### TASK REQUIREMENTS:
No pictures belong in the copy. Set down exactly the lines from the one that contains "Question: Can you" through the end of the data.

### EXERCISE DATA:
%%
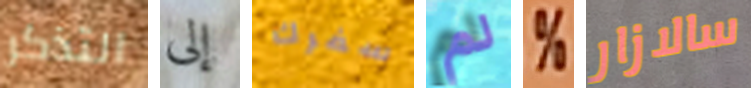
التذكر إلى سفرك لم % سالازار
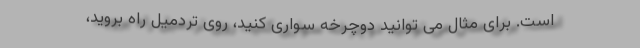
است. برای مثال می‌ توانید دوچرخه‌ سواری کنید، روی تردمیل راه بروید،
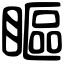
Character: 瞘
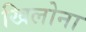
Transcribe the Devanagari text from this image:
खिलोना
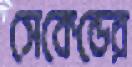
সেকেন্ডের
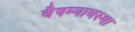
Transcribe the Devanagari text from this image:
वैषम्यावस्था
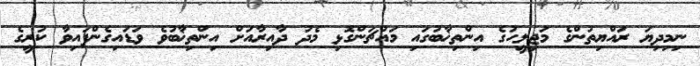
ނިމިދިޔަ ރައްޔިތުންގެ މަޖިލީހުގެ އިންތިޚާބުގައި މައްޗަންގޮޅި މެދު ދާއިރާއަށް އިންތިޚާބުވެ ވަޑައިގެންފައިވާ ކުރީގެ
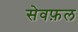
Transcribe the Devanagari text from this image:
सेवफ़ल
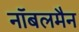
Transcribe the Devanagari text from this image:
नॉबलमैन
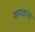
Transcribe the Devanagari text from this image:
समकता
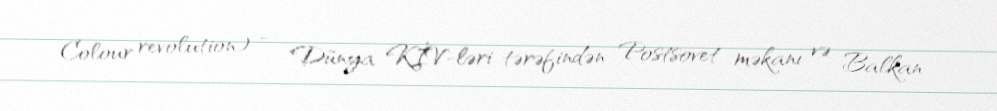
Colour revolution) — Dünya KİV-ləri tərəfindən Postsovet məkanı və Balkan
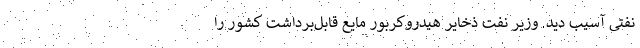
نفتی آسیب دید. وزیر نفت ذخایر هیدروکربور مایع قابل‌برداشت کشور را
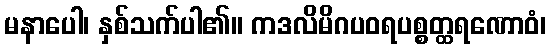
မနာပေါ၊ နှစ်သက်ပါ၏။ ကဒလိမိဂပဝရပစ္စတ္ထရဏောဝံ၊
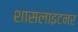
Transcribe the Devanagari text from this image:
शासलाइटनर
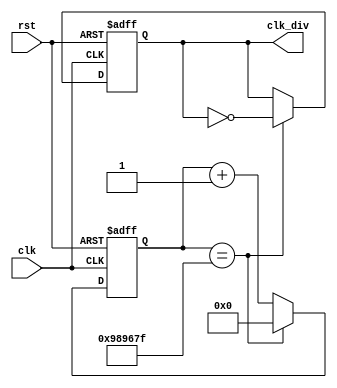

module clk_divider(
	input clk, rst,
	output reg clk_div
);

reg[31:0]  counter;
localparam target = 10000000;

always@(posedge clk or negedge rst)
begin
	if(rst == 0)
		counter <= 0;
	else if(counter == target-1)
		counter = 0;
	else
		counter = counter + 32'b1;
end

always@(posedge clk or negedge rst)
begin
	if(rst == 0)
		clk_div = 1'b0;
	else if(counter == target-1)
		clk_div = ~clk_div;
	else
		clk_div = clk_div;
end
endmodule
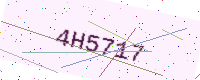
Text: 4H5717
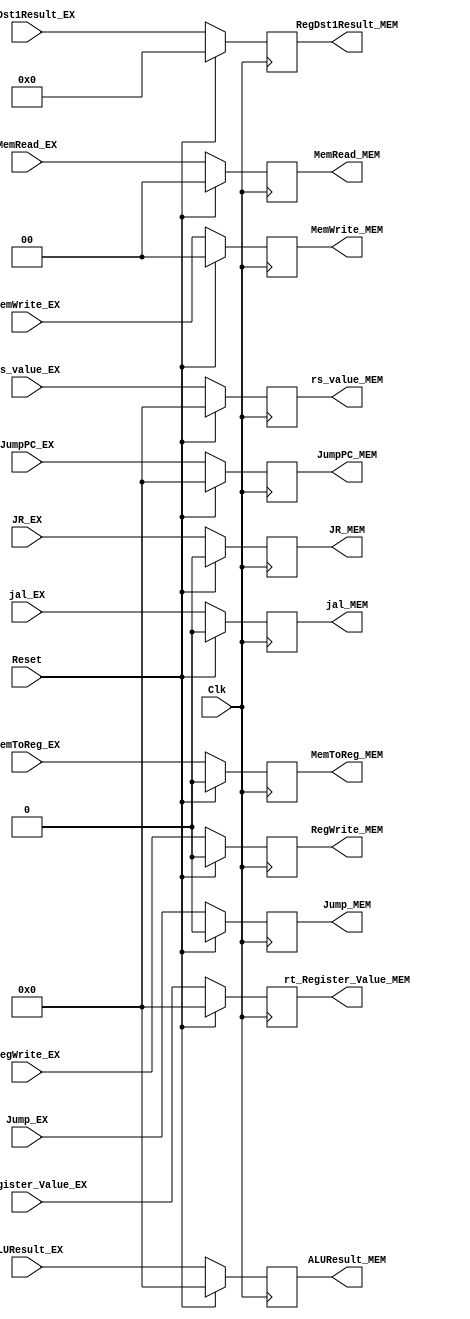
`timescale 1ns / 1ps

// input ALUResult, Zero flag, output of RegDst Mux, Rt_register_value from readdata2, PCPlusOffset
// need branch, MemWrite, MemToReg, MemRead, PCSrc(?)

module EX_MEM_Reg(ALUResult_EX, /*PCPlusOffset_EX,*/ rt_Register_Value_EX,
 RegDst1Result_EX, /*Zero_EX,*/ MemWrite_EX, MemToReg_EX, MemRead_EX, /*Branch_EX,*/ RegWrite_EX, jal_EX, Jump_EX, JR_EX, JumpPC_EX, rs_value_EX,
 ALUResult_MEM, /*PCPlusOffset_MEM,*/ rt_Register_Value_MEM,
 RegDst1Result_MEM, /*Zero_MEM,*/ MemWrite_MEM, MemToReg_MEM, MemRead_MEM, /*Branch_MEM,*/ RegWrite_MEM, jal_MEM, Jump_MEM, JR_MEM, JumpPC_MEM, rs_value_MEM, Clk, Reset);

input Reset;
input Clk;
input /*Branch_EX,*/ MemToReg_EX, /*Zero_EX,*/ RegWrite_EX, jal_EX, Jump_EX, JR_EX; // control signals
input [1:0] MemRead_EX, MemWrite_EX;
input [4:0] RegDst1Result_EX;
input [31:0] ALUResult_EX, rt_Register_Value_EX, /*PCPlusOffset_EX,*/ JumpPC_EX, rs_value_EX;

output reg /*Branch_MEM,*/ MemToReg_MEM, /*Zero_MEM,*/ RegWrite_MEM;
output reg [1:0] MemRead_MEM, MemWrite_MEM;
output reg [4:0] RegDst1Result_MEM;
output reg [31:0] ALUResult_MEM, rt_Register_Value_MEM, /*PCPlusOffset_MEM,*/ JumpPC_MEM, rs_value_MEM;
output reg jal_MEM, Jump_MEM, JR_MEM;



 initial begin

    ALUResult_MEM <= 0;
  //  PCPlusOffset_MEM <= 0;
    rt_Register_Value_MEM <= 0;
    RegDst1Result_MEM <= 0;
  //  Zero_MEM <= 0;
    MemWrite_MEM <= 0;
    MemToReg_MEM <= 0;
    MemRead_MEM <= 0;
  //  Branch_MEM <= 0;
    RegWrite_MEM <= 0;

 end

always @(posedge Clk) begin
    if (Reset == 1)begin
            ALUResult_MEM <= 0;
   // PCPlusOffset_MEM <= 0;
    rt_Register_Value_MEM <= 0;
    RegDst1Result_MEM <= 0;
   // Zero_MEM <= 0;
    MemWrite_MEM <= 0;
    MemToReg_MEM <= 0;
    MemRead_MEM <= 0;
   // Branch_MEM <= 0;
    RegWrite_MEM <= 0;
    jal_MEM <= 0;
    Jump_MEM <= 0;
    JR_MEM <= 0;
    JumpPC_MEM <= 0;
    rs_value_MEM <= 0;
 end
 else begin
    ALUResult_MEM <= ALUResult_EX;
   // PCPlusOffset_MEM <= PCPlusOffset_EX;
    rt_Register_Value_MEM <= rt_Register_Value_EX;
    RegDst1Result_MEM <= RegDst1Result_EX;
   // Zero_MEM <= Zero_EX;
    MemWrite_MEM <= MemWrite_EX;
    MemToReg_MEM <= MemToReg_EX;
    MemRead_MEM <= MemRead_EX;
   // Branch_MEM <= Branch_EX;
    RegWrite_MEM <= RegWrite_EX;
    jal_MEM <= jal_EX;
    Jump_MEM <= Jump_EX;
    JR_MEM <= JR_EX;
    JumpPC_MEM <= JumpPC_EX;
    rs_value_MEM <= rs_value_EX;
 end

end

endmodule
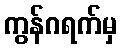
ကွန်ဂရက်မှ
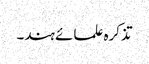
تذکرہ علمائے ہند۔
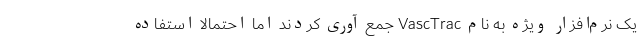
یک نرم‌افزار ویژه به نام VascTrac جمع آوری کردند اما احتمالا استفاده
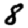
Digit: 8
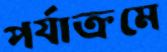
পর্যাক্রমে
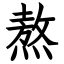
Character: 熬
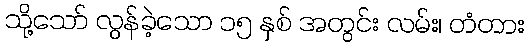
သို့သော် လွန်ခဲ့သော ၁၅ နှစ် အတွင်း လမ်း၊ တံတား
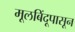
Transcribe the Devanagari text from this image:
मूलबिंदूपासून
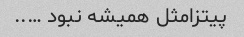
پیتزامثل همیشه نبود …..
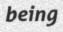
being
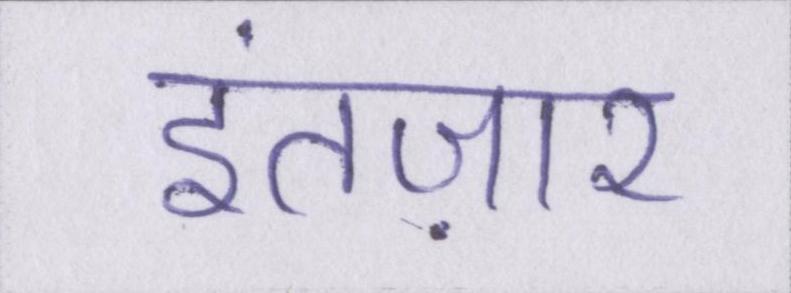
इंतज़ार
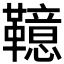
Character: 𩍖
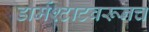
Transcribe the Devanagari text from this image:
डार्मश्टाटवरूनच
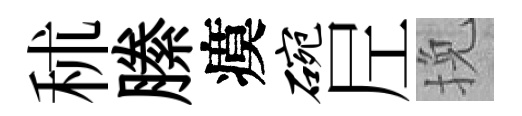
秫縢瘼碗𡰱挽
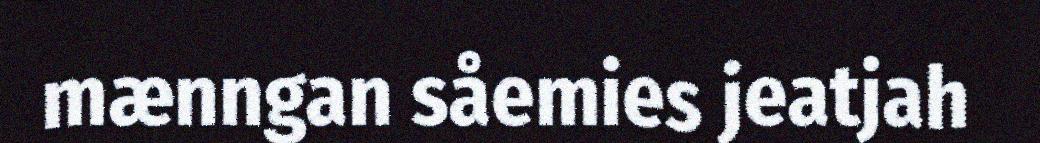
mænngan såemies jeatjah
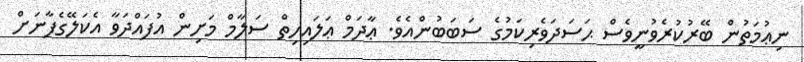
ނިޢުމަތުން ބޭރުކުރެވުނީވެސް ޙަސަދަވެރިކަމުގެ ސަބަބުންއެވެ. ޢާދަމް ޢަލައިހިތް ސަލާމް މަށިން އުފައްދަވާ އެކަލޭގެފާނަށް
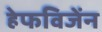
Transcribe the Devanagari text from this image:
हेफविजेंन
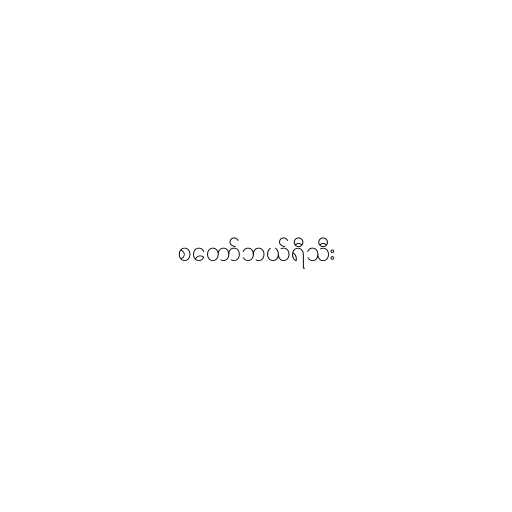
စတော်ဘယ်ရီသီး
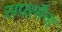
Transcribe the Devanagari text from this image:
सपरमैना
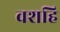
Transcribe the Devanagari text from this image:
वशहि
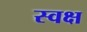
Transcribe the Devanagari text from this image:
स्वक्ष
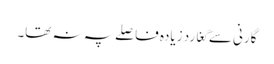
گارنی سے گغارد زیادہ فاصلے پہ نہ تھا۔
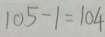
1 0 5 - 1 = 1 0 4
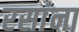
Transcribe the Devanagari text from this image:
रसांना
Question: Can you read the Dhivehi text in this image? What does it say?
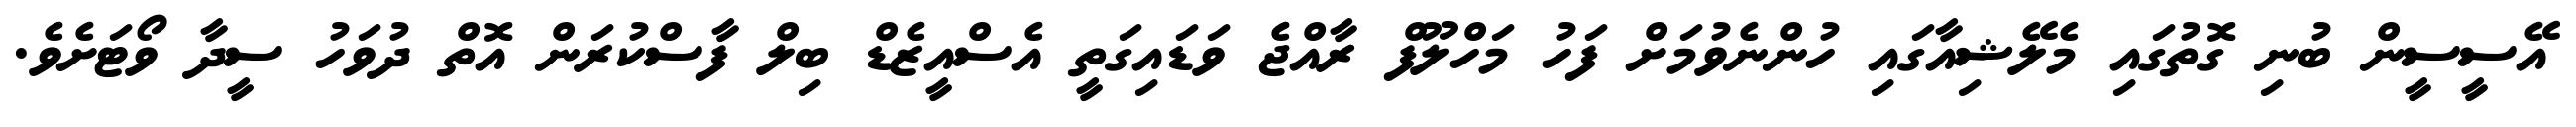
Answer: އޭސީސީން ބުނި ގޮތުގައި މެލޭޝިއާގައި ހުންނެވުމަށް ފަހު މަހްލޫފް ރާއްޖެ ވަޑައިގަތީ އެސްއީޒެޑް ބިލް ފާސްކުރަން އޮތް ދުވަހު ސީދާ ވޯޓަށެވެ.
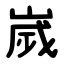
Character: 嵗
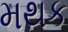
%%
### SOLUTION TO THIS EXERCISE:
Question: Can you read the Dhivehi text in this image? What does it say?
Answer: އޭސީސީން ބުނި ގޮތުގައި މެލޭޝިއާގައި ހުންނެވުމަށް ފަހު މަހްލޫފް ރާއްޖެ ވަޑައިގަތީ އެސްއީޒެޑް ބިލް ފާސްކުރަން އޮތް ދުވަހު ސީދާ ވޯޓަށެވެ.
Character: 嵗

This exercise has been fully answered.